Don’t Shoot The Messenger

December 6, 2010

Here’s Robert Gibbs on the Wikileaks disclosures:

“such disclosures put at risk our diplomats, intelligence professionals, and people around the world who come to the United States for assistance in promoting democracy and open government.”

From all accounts, he delivered this line with a straight face. The Atlantic described it as Orwellian. In fact, his failure to see the irony in this comment is terrifying.  Rather than acknowledging our State Department’s failure to secure apparently highly sensitive, secret information, our government is looking to shoot the messenger.

In the process, our so-called free and open society is becoming less free and open by the minute. Obama’s “more transparent government” promise has become a sad joke. First Amendment free speech and free press guarantees are more at risk than at any time in recent history.

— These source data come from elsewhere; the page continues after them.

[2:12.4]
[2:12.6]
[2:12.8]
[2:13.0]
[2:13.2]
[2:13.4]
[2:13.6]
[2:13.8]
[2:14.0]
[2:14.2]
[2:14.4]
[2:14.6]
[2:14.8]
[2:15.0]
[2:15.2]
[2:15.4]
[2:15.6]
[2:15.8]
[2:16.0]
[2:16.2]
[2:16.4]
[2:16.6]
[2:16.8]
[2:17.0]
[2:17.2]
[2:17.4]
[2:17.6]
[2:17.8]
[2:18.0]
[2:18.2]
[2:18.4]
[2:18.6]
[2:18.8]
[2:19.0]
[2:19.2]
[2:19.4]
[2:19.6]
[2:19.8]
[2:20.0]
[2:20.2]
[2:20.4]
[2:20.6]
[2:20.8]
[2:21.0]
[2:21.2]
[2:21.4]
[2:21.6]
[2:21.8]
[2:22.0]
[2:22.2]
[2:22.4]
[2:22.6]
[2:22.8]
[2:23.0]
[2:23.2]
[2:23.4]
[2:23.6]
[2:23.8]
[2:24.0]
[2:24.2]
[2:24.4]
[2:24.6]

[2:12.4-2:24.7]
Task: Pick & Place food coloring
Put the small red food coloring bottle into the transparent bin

Is Ron Paul our only elected official who recognizes the problem with the Obama administrations response to the Wikileaks “situation”?

He had the courage to defend Julian Assange on Fox News in the face of a complete media and government attack on the Wikileaks founder. Here’s what he said:

“In a free society we’re supposed to know the truth. In a society where truth becomes treason, then we’re in big trouble. And now, people who are revealing the truth are getting into trouble for it.”

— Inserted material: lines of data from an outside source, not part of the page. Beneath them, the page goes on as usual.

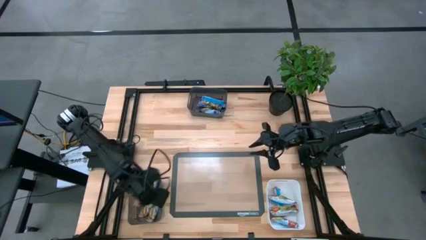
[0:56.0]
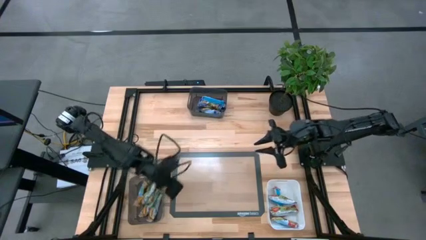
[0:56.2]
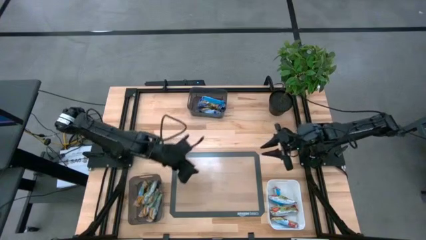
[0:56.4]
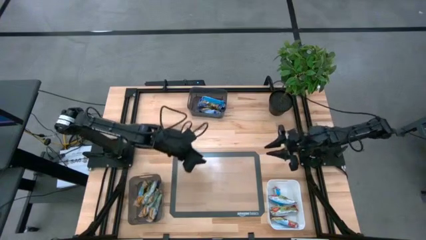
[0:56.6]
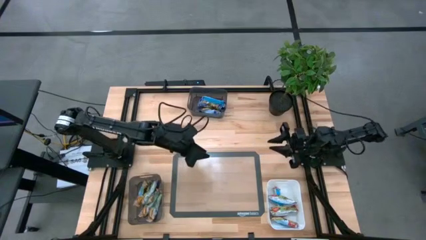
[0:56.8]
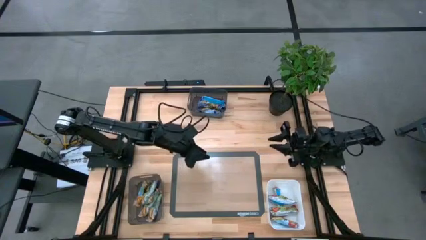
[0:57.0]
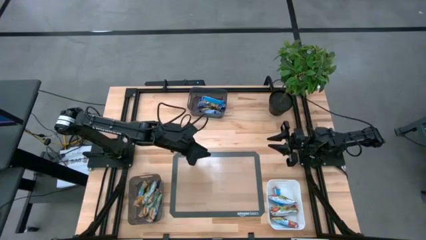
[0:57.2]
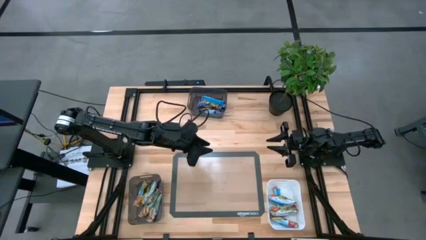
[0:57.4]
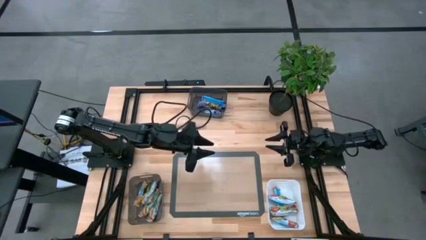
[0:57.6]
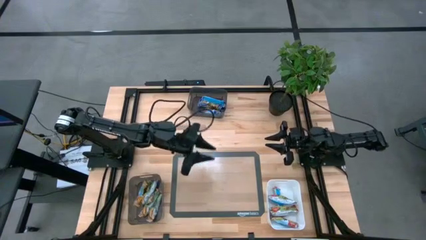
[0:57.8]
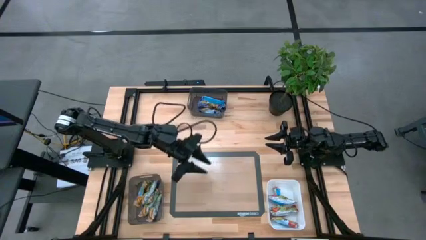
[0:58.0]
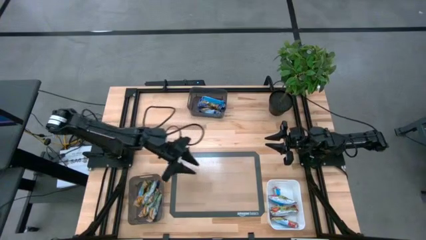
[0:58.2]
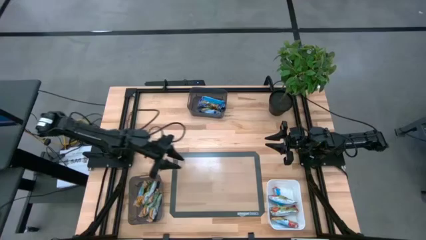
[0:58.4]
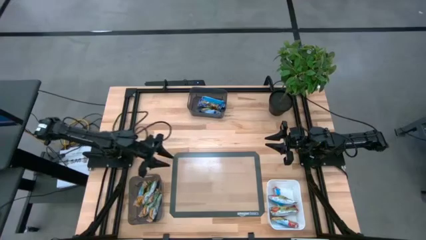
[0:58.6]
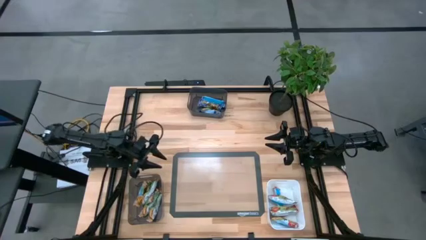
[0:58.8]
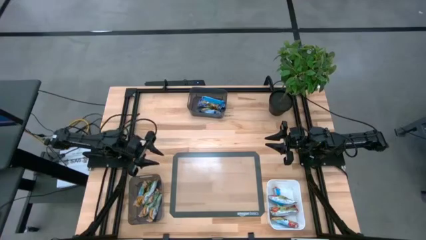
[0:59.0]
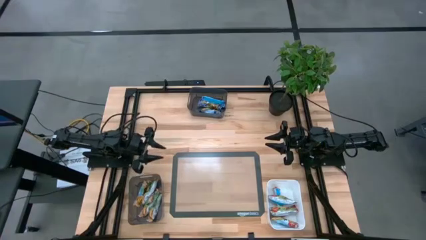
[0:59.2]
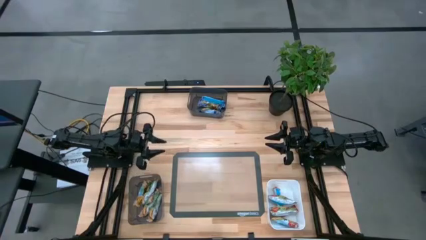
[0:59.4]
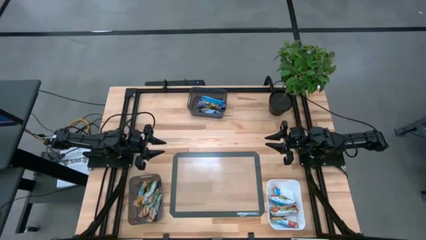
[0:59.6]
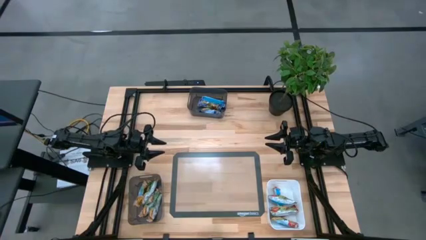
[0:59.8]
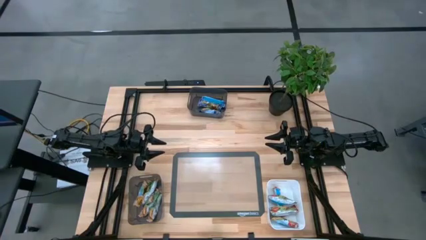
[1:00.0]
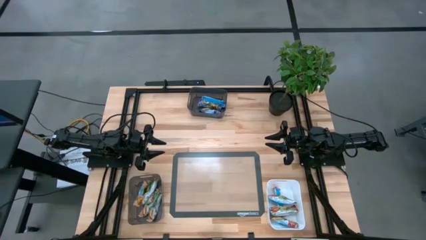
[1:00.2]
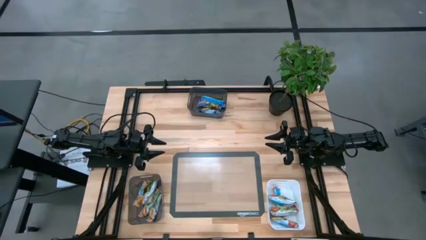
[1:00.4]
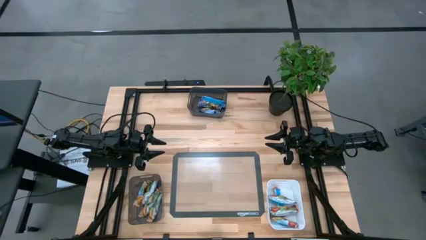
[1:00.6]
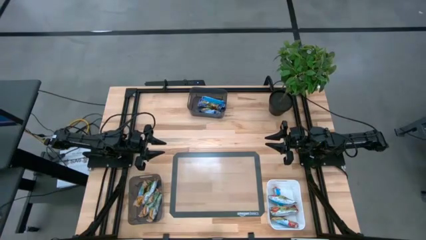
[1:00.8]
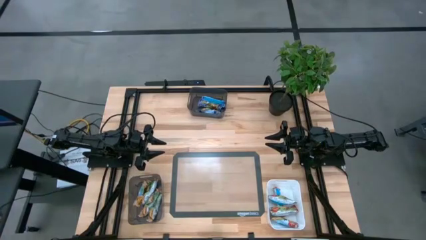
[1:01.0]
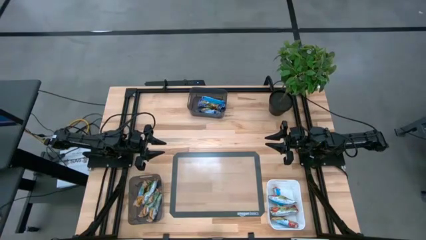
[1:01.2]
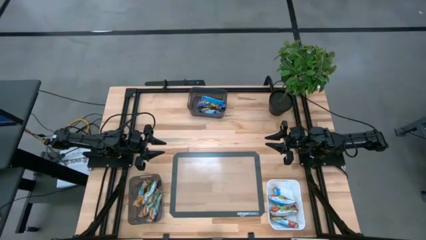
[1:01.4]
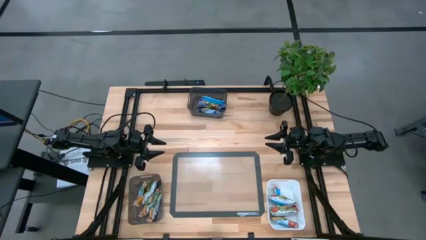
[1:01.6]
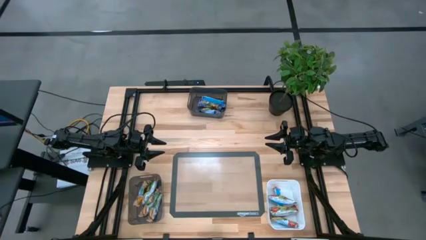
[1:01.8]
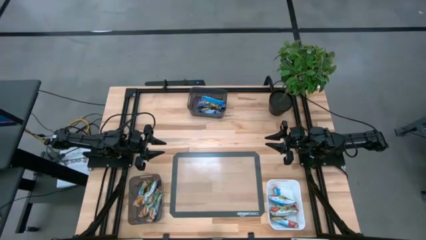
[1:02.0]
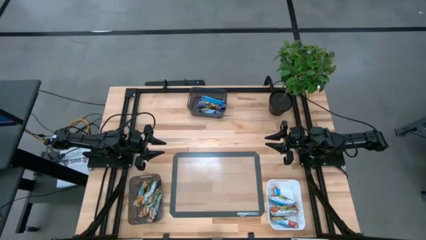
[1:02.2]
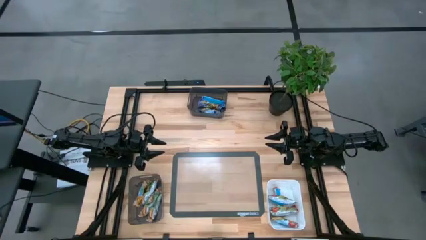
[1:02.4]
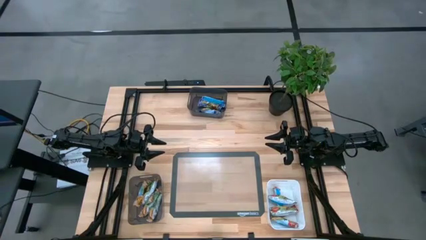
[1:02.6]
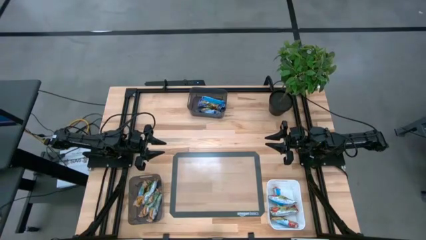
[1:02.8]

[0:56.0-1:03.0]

The U.S. should thank Mr. Assange for revealing obvious flaws in State Department “security” measures.  As a U.S. citizen, I’m concerned about our inability to keep sensitive information secure. That’s the real problem here.  Does anyone really believe that Wikileaks obtained these documents, yet no foreign governments have managed to breach our security through the same methods?

The difference is that Julian Assange told the world about it. He’s done the U.S. a favor, and should help make State Department communications more secure in the future.

And for that he shall be punished.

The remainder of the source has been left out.